▶ Exercise aim
Whenever a line carries the word "reading", pull it out of the entries.

▶ Supplied data
———
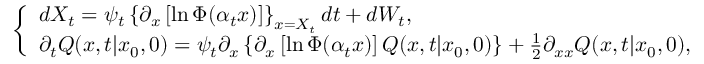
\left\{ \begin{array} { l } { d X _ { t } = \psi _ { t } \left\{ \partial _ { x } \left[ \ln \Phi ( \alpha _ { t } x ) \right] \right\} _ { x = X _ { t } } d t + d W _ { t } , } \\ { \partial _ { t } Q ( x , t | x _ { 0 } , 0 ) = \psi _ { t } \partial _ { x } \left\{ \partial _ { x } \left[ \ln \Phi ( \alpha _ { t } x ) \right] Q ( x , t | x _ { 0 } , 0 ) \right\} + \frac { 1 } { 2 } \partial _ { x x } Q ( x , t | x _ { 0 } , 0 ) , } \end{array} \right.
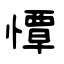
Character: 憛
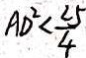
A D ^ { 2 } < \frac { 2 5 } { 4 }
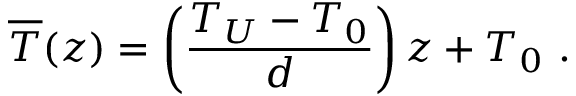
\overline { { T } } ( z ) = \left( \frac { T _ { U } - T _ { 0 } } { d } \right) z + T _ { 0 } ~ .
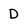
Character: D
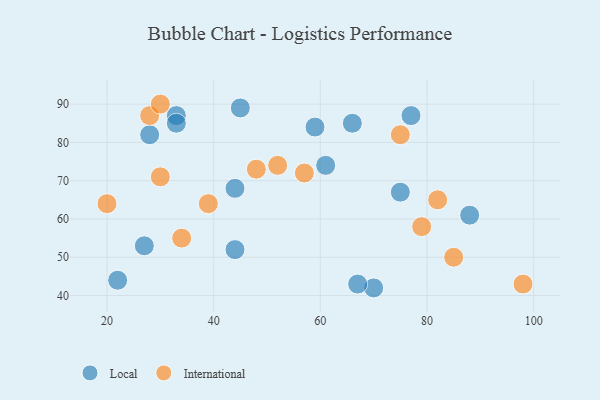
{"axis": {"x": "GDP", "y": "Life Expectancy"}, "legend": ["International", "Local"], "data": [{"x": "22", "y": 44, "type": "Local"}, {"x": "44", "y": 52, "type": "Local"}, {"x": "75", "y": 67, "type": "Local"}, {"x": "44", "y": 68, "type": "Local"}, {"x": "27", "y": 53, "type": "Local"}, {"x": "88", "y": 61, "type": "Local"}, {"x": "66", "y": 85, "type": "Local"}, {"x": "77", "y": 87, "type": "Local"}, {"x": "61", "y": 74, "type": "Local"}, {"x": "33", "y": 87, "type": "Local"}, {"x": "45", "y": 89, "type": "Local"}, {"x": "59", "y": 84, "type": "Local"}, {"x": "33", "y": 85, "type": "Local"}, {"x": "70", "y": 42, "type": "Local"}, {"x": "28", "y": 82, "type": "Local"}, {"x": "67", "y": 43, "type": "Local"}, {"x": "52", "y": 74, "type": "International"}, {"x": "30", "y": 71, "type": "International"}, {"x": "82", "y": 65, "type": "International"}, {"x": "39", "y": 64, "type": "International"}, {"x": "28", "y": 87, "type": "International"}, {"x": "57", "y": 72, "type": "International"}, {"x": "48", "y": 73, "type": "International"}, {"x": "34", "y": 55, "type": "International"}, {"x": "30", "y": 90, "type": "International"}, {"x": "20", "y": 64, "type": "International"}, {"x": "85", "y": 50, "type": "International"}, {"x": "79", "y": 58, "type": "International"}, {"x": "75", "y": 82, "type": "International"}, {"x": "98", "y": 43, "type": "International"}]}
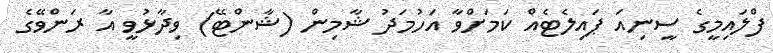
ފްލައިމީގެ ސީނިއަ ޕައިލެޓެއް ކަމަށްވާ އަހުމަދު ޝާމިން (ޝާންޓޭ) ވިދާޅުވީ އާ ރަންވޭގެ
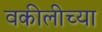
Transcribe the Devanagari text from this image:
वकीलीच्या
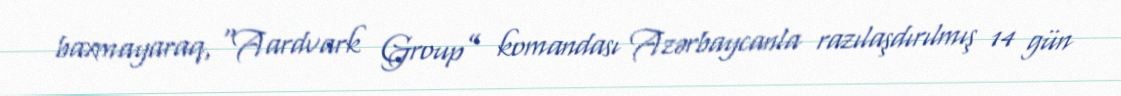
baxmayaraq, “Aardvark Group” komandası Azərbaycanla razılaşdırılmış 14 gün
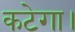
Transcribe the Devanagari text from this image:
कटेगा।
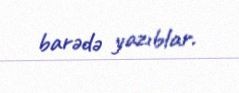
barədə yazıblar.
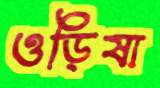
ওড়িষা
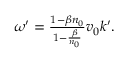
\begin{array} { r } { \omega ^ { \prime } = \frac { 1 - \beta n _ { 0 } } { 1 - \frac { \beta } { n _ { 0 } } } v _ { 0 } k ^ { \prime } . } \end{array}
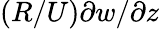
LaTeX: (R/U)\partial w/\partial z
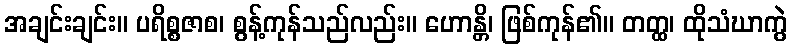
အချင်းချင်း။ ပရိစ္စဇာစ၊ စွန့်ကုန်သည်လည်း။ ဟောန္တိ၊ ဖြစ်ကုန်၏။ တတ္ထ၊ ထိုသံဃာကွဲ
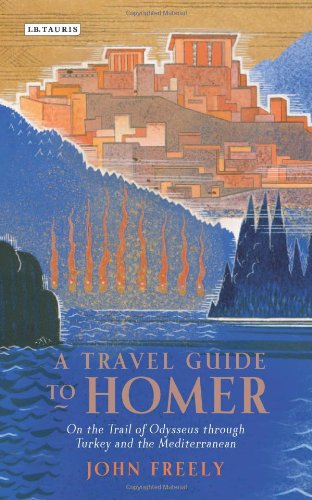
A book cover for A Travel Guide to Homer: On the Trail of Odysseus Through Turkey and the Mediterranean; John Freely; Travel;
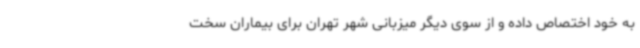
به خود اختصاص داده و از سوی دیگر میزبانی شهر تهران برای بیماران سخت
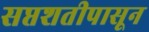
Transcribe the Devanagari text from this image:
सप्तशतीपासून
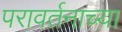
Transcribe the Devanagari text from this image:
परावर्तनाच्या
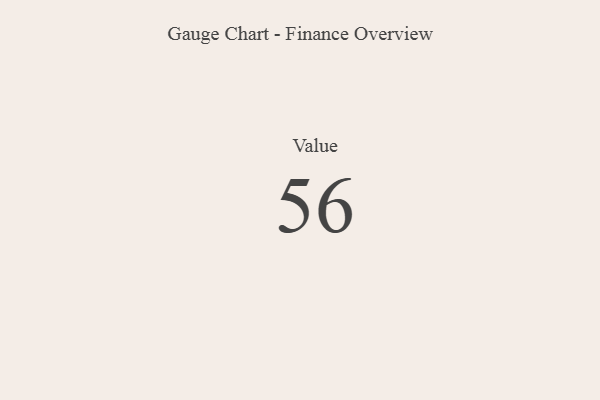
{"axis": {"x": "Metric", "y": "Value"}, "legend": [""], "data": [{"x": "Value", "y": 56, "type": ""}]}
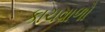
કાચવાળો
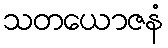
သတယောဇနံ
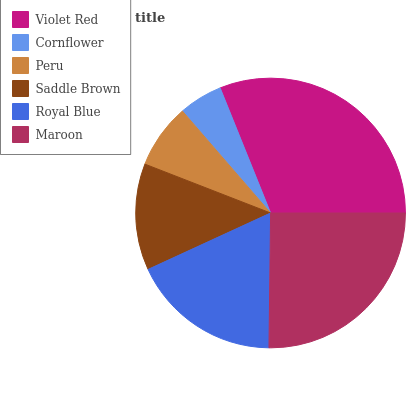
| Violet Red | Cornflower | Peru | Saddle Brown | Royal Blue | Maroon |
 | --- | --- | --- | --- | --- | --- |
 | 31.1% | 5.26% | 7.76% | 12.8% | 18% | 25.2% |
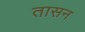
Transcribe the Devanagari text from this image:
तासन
———
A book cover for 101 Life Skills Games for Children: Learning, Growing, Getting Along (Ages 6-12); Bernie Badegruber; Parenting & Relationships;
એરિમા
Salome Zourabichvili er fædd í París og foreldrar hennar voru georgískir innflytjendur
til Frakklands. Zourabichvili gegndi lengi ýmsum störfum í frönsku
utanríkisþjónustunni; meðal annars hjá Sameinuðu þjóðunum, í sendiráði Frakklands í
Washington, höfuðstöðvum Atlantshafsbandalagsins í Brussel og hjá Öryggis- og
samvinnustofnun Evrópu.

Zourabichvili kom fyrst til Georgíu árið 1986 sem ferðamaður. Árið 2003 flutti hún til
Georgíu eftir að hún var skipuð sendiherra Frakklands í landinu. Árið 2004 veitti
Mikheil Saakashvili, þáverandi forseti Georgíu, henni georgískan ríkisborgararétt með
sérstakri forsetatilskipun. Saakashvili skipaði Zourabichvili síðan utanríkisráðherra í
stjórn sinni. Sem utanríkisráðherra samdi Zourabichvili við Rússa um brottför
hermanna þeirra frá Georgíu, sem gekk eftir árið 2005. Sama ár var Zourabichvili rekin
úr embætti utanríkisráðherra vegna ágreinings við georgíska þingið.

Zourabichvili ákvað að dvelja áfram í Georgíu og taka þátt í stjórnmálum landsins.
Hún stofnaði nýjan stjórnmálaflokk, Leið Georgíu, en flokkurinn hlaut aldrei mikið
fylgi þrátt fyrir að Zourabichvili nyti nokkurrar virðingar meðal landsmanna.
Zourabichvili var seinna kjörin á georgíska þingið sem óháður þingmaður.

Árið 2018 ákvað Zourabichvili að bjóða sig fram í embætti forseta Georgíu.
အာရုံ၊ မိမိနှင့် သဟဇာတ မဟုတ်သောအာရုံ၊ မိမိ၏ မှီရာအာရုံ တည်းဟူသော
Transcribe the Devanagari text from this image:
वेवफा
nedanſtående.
———
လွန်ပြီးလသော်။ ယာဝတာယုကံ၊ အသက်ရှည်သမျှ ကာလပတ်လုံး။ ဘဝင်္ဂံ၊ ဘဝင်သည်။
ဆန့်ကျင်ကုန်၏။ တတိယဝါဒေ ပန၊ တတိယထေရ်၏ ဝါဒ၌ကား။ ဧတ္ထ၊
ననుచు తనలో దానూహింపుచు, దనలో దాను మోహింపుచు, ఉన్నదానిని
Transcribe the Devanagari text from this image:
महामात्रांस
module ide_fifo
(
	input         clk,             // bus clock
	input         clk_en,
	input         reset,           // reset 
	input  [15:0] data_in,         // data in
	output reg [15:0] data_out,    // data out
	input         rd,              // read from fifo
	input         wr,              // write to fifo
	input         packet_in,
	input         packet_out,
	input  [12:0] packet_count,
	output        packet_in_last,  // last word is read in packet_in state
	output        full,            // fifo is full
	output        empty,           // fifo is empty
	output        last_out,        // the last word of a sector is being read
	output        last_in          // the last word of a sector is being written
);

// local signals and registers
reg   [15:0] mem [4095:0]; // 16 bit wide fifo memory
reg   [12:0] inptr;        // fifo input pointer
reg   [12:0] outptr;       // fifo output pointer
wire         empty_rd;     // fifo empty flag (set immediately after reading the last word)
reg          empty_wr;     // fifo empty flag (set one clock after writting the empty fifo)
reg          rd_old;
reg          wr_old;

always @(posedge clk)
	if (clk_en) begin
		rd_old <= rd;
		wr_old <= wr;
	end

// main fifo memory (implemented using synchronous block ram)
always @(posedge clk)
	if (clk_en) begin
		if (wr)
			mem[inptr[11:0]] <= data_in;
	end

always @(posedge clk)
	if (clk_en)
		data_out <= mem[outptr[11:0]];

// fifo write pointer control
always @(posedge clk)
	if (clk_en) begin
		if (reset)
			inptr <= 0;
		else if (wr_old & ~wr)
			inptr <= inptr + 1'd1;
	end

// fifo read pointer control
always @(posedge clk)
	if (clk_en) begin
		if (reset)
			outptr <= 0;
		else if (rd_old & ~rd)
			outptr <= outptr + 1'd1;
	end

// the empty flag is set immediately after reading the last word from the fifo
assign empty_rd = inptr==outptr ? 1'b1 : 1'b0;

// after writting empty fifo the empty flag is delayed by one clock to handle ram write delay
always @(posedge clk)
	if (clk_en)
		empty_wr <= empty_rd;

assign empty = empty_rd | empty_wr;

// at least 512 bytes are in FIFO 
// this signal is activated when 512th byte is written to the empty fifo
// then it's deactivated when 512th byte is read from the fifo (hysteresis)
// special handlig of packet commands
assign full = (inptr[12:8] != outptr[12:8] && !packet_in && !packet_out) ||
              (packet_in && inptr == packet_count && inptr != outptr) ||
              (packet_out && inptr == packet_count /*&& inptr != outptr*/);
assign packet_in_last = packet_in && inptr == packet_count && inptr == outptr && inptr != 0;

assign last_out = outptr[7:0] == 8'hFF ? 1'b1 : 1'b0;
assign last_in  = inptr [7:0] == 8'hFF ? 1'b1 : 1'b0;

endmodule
———
▶ Task answer
wire         empty_rd;     // fifo empty flag (set immediately after reading the last word)
// the empty flag is set immediately after reading the last word from the fifo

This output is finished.